Bruno Retailleau : « Emmanuel Macron a livré la France au chantage algérien »

Boualem Sansal a passé des mois au secret dans une prison algérienne. Il raconte tout dans La Légende. Ce n’est pas qu’une affaire de liberté d’expression. C’est le symptôme d’une guerre rampante entre Paris et Alger. Bruno Retailleau, ex-ministre de l'Intérieur, brise le silence. Il accuse le président d'avoir courbé l'échine. « La France se couche trop », lâche-t-il. Les preuves s'accumulent. Le dossier est accablant.
Deux hommes face au régime — l'écrivain et le ministre
Ils se connaissaient avant l'arrestation. Bruno Retailleau et Boualem Sansal devaient déjeuner ensemble. « 48 heures avant le 16 novembre, on s'était passé un coup de fil », raconte l'ancien ministre. Ce détail personnel ? Le point de départ d'une affaire politique majeure.

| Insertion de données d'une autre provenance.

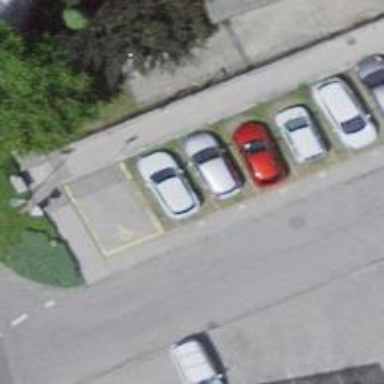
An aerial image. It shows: Charging station.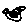
Label: bird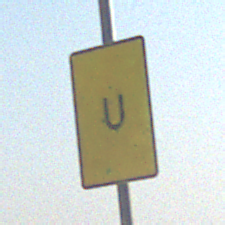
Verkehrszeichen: AnkuendigungOderFortsetzungUmleitungOhnePfeilsymbol
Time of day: MorningAfternoon
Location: Outdoor (Special)
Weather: Clear
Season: NotSpecified
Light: Natural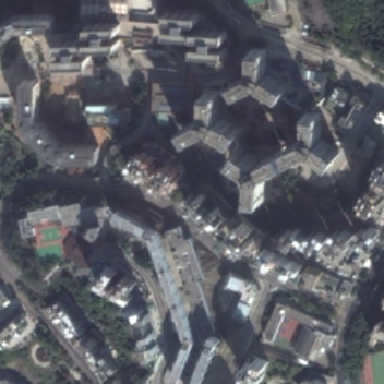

Sansal est arrêté le 16 novembre 2024. Placé au secret pendant une semaine. Personne ne sait où il est. Pas même le ministre de l'Intérieur français. « J'étais dans un trou des services secrets », dit l'écrivain. Pendant ce temps, une rumeur enfle : « Boualem Sansal a disparu. » Les prisonniers de Koléa — à 60 km d'Alger — voient arriver ce symbole de la liberté. Ils lui transfèrent tous leurs espoirs. « Il va faire tomber le régime », pensent-ils.
Retailleau, lui, est ministre de l'Intérieur. Il ne peut pas rester passif. « J'étais choqué qu'on ne défende pas un compatriote français. » Mais il n'est pas seul. La gauche se tait. « Silence radio. » Pire : certains estiment que Sansal « a un peu cherché ». Le régime algérien, lui, n'a aucun scrupule. Tebboune traite Sansal de « traître », de « bâtard », avant même son procès. « Il mérite la mort », lance le président algérien.
« Chaque seconde est une souffrance intolérable »
Dans La Légende, Sansal décrit l'indicible. « Rien n'est franchement insupportable pris isolément. C'est la continuité globale qui use et qui fait mal. » Il parle de l'humiliation. « Je me sentais humilié en tant qu'être humain, en tant qu'Algérien et en tant que Français. » La prison est une condamnation à mort. « À mon âge et malade, cinq ans de prison, c'était la fin. »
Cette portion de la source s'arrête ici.